Build the circuit you designed
Using the Multisim schematic capture program, enter the circuit that you designed in the pre-lab. Below
are some items to help you define certain elements of your circuit.
• The 555 timer chip is in the Mixed group, TIMER family. Choose LM555CN.
• The 1kΩ potentiometer is in the Basic group, POTENTIOMETER family.

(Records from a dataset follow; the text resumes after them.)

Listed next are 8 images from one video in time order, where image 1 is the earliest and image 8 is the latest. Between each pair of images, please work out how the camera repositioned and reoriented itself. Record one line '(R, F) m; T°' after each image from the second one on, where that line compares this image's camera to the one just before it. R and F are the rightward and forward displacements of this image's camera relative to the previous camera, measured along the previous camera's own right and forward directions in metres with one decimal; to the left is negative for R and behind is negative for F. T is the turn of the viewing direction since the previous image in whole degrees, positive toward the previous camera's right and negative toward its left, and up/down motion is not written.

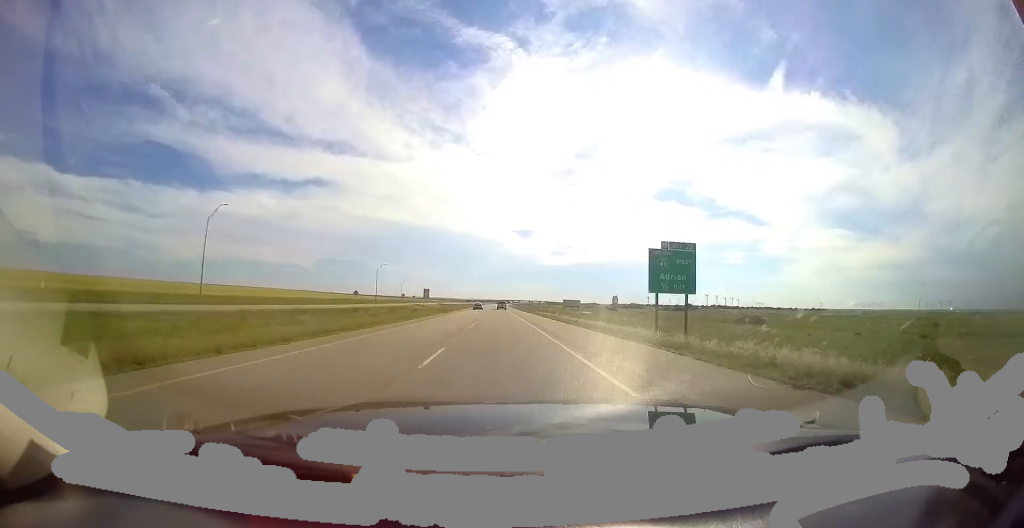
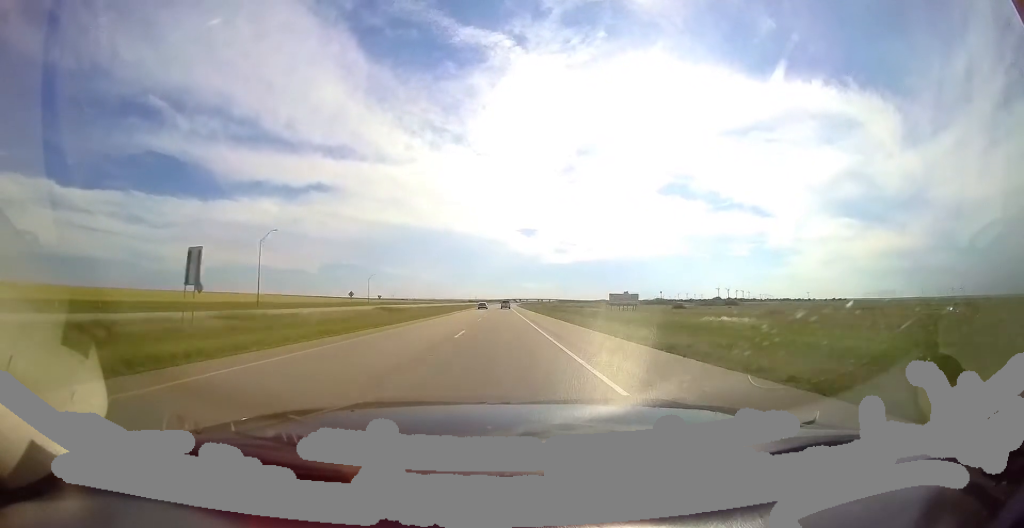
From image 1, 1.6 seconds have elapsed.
(-0.5, +55.5) m; 0°
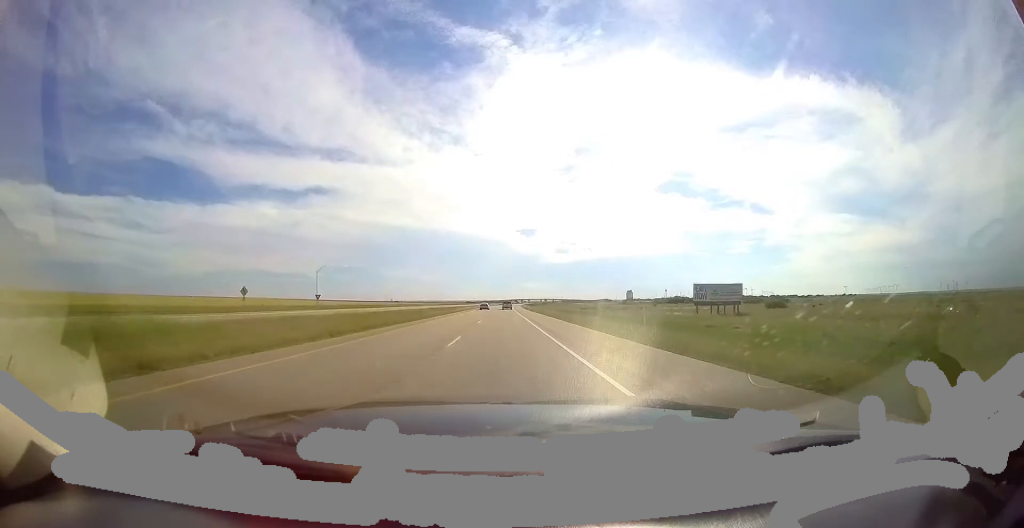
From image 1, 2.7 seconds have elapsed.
(0.0, +39.2) m; 0°
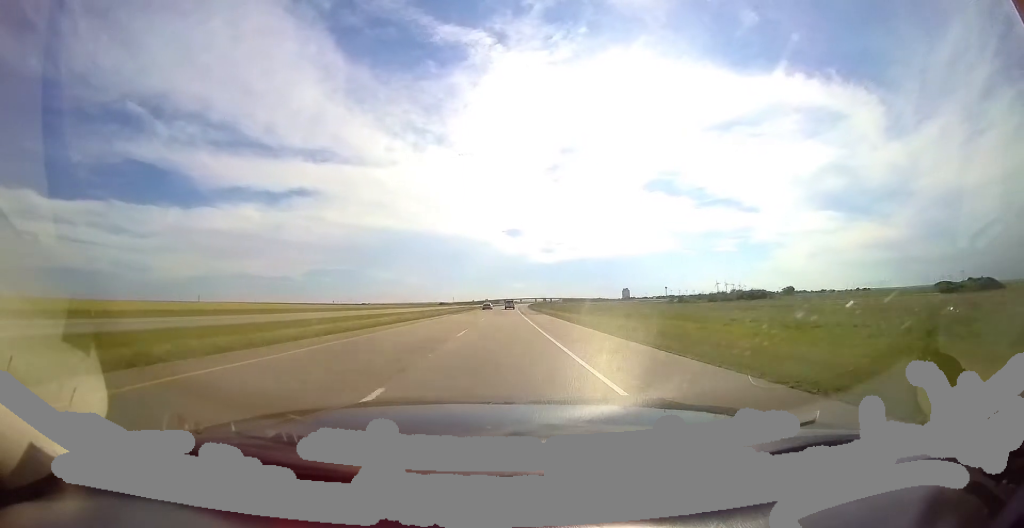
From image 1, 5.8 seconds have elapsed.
(+1.7, +106.1) m; +3°
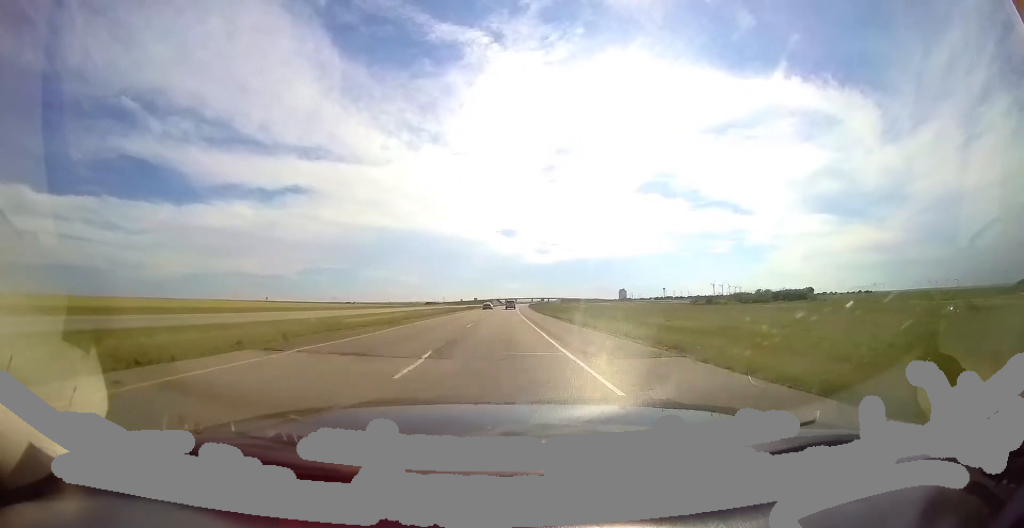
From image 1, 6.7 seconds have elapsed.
(+0.8, +32.5) m; +1°
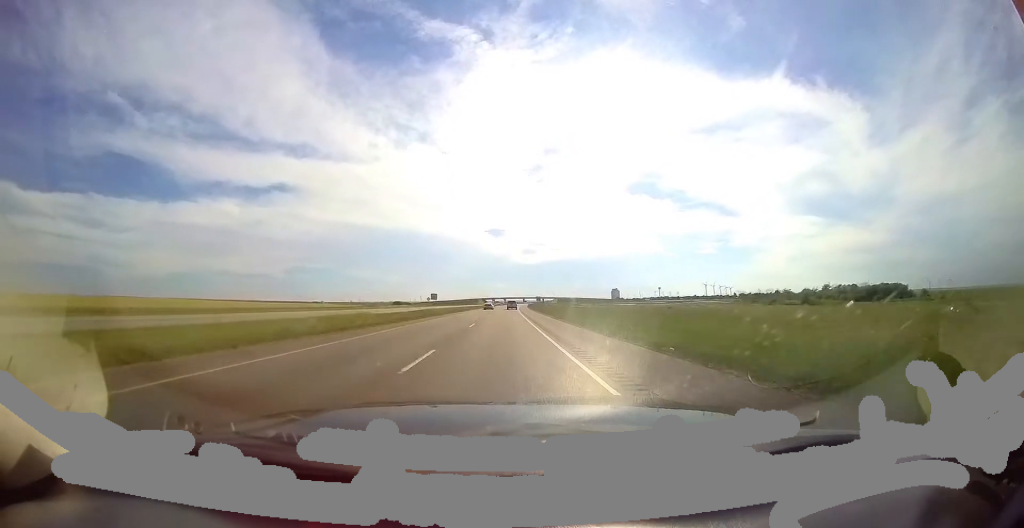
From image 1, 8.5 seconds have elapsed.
(+1.0, +60.4) m; +2°
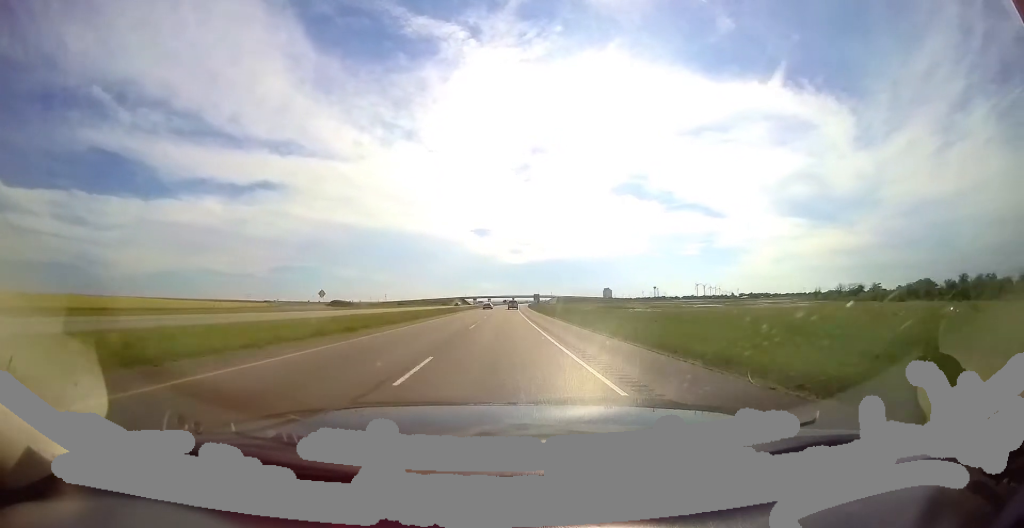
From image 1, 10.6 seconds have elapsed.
(+1.0, +74.5) m; +2°
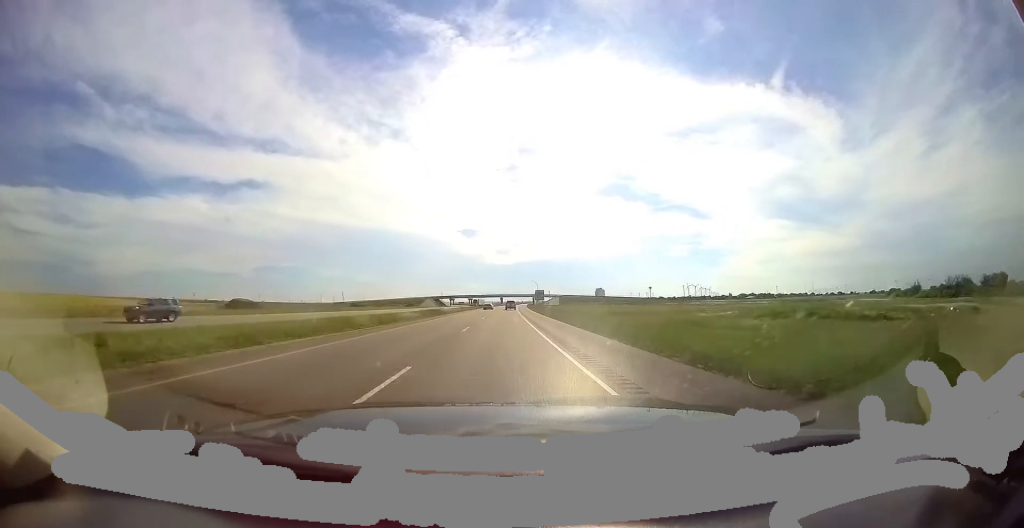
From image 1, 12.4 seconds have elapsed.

Note: The wiper, the little arrow, on the pot needs to look exactly like the one in the schematic in
Figure 1. Be sure to only flip it horizontally. Do not rotate it.
Simulating your design
The goals:
• Simulate your design at 0 Ω, 300 Ω, 600 Ω and 1k Ω using both the transient analysis feature and the
occiloscope (o-scope for short).
Note: When you set the slider to 0% or 0 Ω, the 555 timer’s DIS and TRI pins are shorted together,
causing the output to stop oscillating. To get around this, adjust the potentiometer value to be close to
0%. Be sure to compute the theoretical output frequency for whatever R2 value you choose when you
do your percent difference.
• Capture two signals, the 555 output and VC2 .
• Adjust the simulation output to suit our needs.
• Sketch each simulated waveform accurately and in detail in your lab book.
• Measure the period of the waveform, calculate the frequency and compare that to the theoretical
frequency in your prelab.
Hint: Compare means doing a percent difference.
Hint: Not sure what a period is or how to calculate the frequency from it? Google ”period of waveform”.
Transient Analysis
• Since the transient analysis only measures net voltages, you must create a net (node voltage) to
measure. Connect a 1k Ω resistor from the 555 timer output pin to ground.
Note: For better accuracy, check the ”Maximum time step (TMAX)” box and ”1e-005” will appear in
the box next to it. This manually sets the time step for sampling. The smaller the step, the higher
number of samples taken and the better the accuracy.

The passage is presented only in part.